* [Exercise aim]
An exact copy of every entry is needed, with no images.

* [Data records]
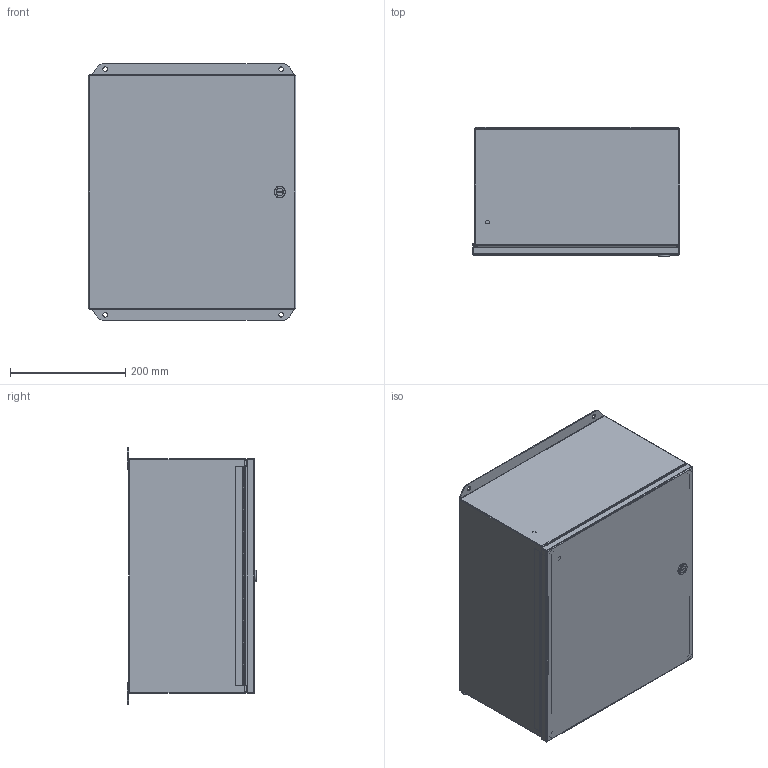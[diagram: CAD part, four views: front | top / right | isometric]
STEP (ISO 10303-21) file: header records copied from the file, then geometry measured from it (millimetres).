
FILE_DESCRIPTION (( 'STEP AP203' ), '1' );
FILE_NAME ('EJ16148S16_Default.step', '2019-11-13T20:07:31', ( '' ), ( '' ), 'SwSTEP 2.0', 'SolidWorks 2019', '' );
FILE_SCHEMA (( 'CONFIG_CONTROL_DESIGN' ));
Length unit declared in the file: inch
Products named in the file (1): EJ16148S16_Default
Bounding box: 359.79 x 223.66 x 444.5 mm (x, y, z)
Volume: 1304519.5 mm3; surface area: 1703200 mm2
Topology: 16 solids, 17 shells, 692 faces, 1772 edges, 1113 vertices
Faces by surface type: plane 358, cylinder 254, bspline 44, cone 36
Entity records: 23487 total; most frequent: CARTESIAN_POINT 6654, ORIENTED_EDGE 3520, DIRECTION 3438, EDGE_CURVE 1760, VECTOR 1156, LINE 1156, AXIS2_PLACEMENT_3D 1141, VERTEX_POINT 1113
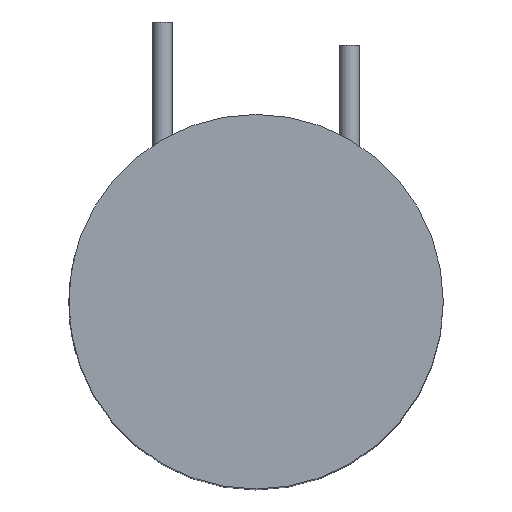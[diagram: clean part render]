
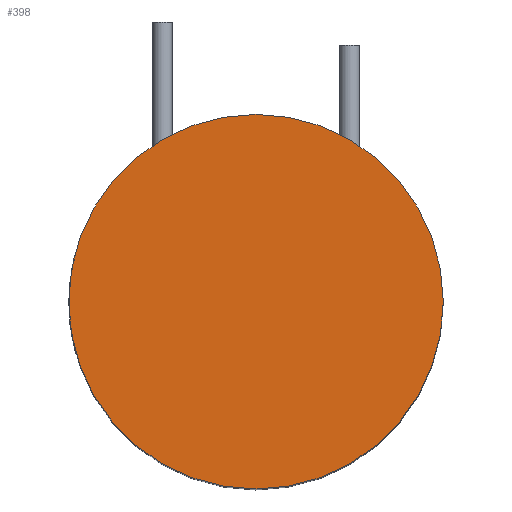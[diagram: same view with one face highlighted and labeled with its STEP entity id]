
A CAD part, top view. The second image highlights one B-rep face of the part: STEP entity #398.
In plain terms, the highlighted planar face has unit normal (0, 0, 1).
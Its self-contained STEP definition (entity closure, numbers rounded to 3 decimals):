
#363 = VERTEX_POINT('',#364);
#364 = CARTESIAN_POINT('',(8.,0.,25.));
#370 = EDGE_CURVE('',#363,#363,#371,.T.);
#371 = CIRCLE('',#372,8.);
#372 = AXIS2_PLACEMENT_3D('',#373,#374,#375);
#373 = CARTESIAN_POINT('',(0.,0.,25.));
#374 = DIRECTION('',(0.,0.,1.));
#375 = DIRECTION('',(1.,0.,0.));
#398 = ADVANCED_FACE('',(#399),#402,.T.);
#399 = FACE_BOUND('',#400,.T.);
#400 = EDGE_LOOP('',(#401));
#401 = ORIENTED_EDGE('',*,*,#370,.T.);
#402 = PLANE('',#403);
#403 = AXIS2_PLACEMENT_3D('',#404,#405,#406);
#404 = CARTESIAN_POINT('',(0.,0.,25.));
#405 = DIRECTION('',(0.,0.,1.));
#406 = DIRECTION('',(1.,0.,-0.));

* [Answer below]
[diagram: CAD part, four views: front | top / right | isometric]
STEP (ISO 10303-21) file: header records copied from the file, then geometry measured from it (millimetres).
FILE_DESCRIPTION (( 'STEP AP203' ), '1' );
FILE_NAME ('EJ16148S16_Default.step', '2019-11-13T20:07:31', ( '' ), ( '' ), 'SwSTEP 2.0', 'SolidWorks 2019', '' );
FILE_SCHEMA (( 'CONFIG_CONTROL_DESIGN' ));
Length unit declared in the file: inch
Products named in the file (1): EJ16148S16_Default
Bounding box: 359.79 x 223.66 x 444.5 mm (x, y, z)
Volume: 1304519.5 mm3; surface area: 1703200 mm2
Topology: 16 solids, 17 shells, 692 faces, 1772 edges, 1113 vertices
Faces by surface type: plane 358, cylinder 254, bspline 44, cone 36
Entity records: 23487 total; most frequent: CARTESIAN_POINT 6654, ORIENTED_EDGE 3520, DIRECTION 3438, EDGE_CURVE 1760, VECTOR 1156, LINE 1156, AXIS2_PLACEMENT_3D 1141, VERTEX_POINT 1113
[diagram: clean part render]
[diagram: same view with one face highlighted and labeled with its STEP entity id]
A CAD part, top view. The second image highlights one B-rep face of the part: STEP entity #398.
In plain terms, the highlighted planar face has unit normal (0, 0, 1).
Its self-contained STEP definition (entity closure, numbers rounded to 3 decimals):
#363 = VERTEX_POINT('',#364);
#364 = CARTESIAN_POINT('',(8.,0.,25.));
#370 = EDGE_CURVE('',#363,#363,#371,.T.);
#371 = CIRCLE('',#372,8.);
#372 = AXIS2_PLACEMENT_3D('',#373,#374,#375);
#373 = CARTESIAN_POINT('',(0.,0.,25.));
#374 = DIRECTION('',(0.,0.,1.));
#375 = DIRECTION('',(1.,0.,0.));
#398 = ADVANCED_FACE('',(#399),#402,.T.);
#399 = FACE_BOUND('',#400,.T.);
#400 = EDGE_LOOP('',(#401));
#401 = ORIENTED_EDGE('',*,*,#370,.T.);
#402 = PLANE('',#403);
#403 = AXIS2_PLACEMENT_3D('',#404,#405,#406);
#404 = CARTESIAN_POINT('',(0.,0.,25.));
#405 = DIRECTION('',(0.,0.,1.));
#406 = DIRECTION('',(1.,0.,-0.));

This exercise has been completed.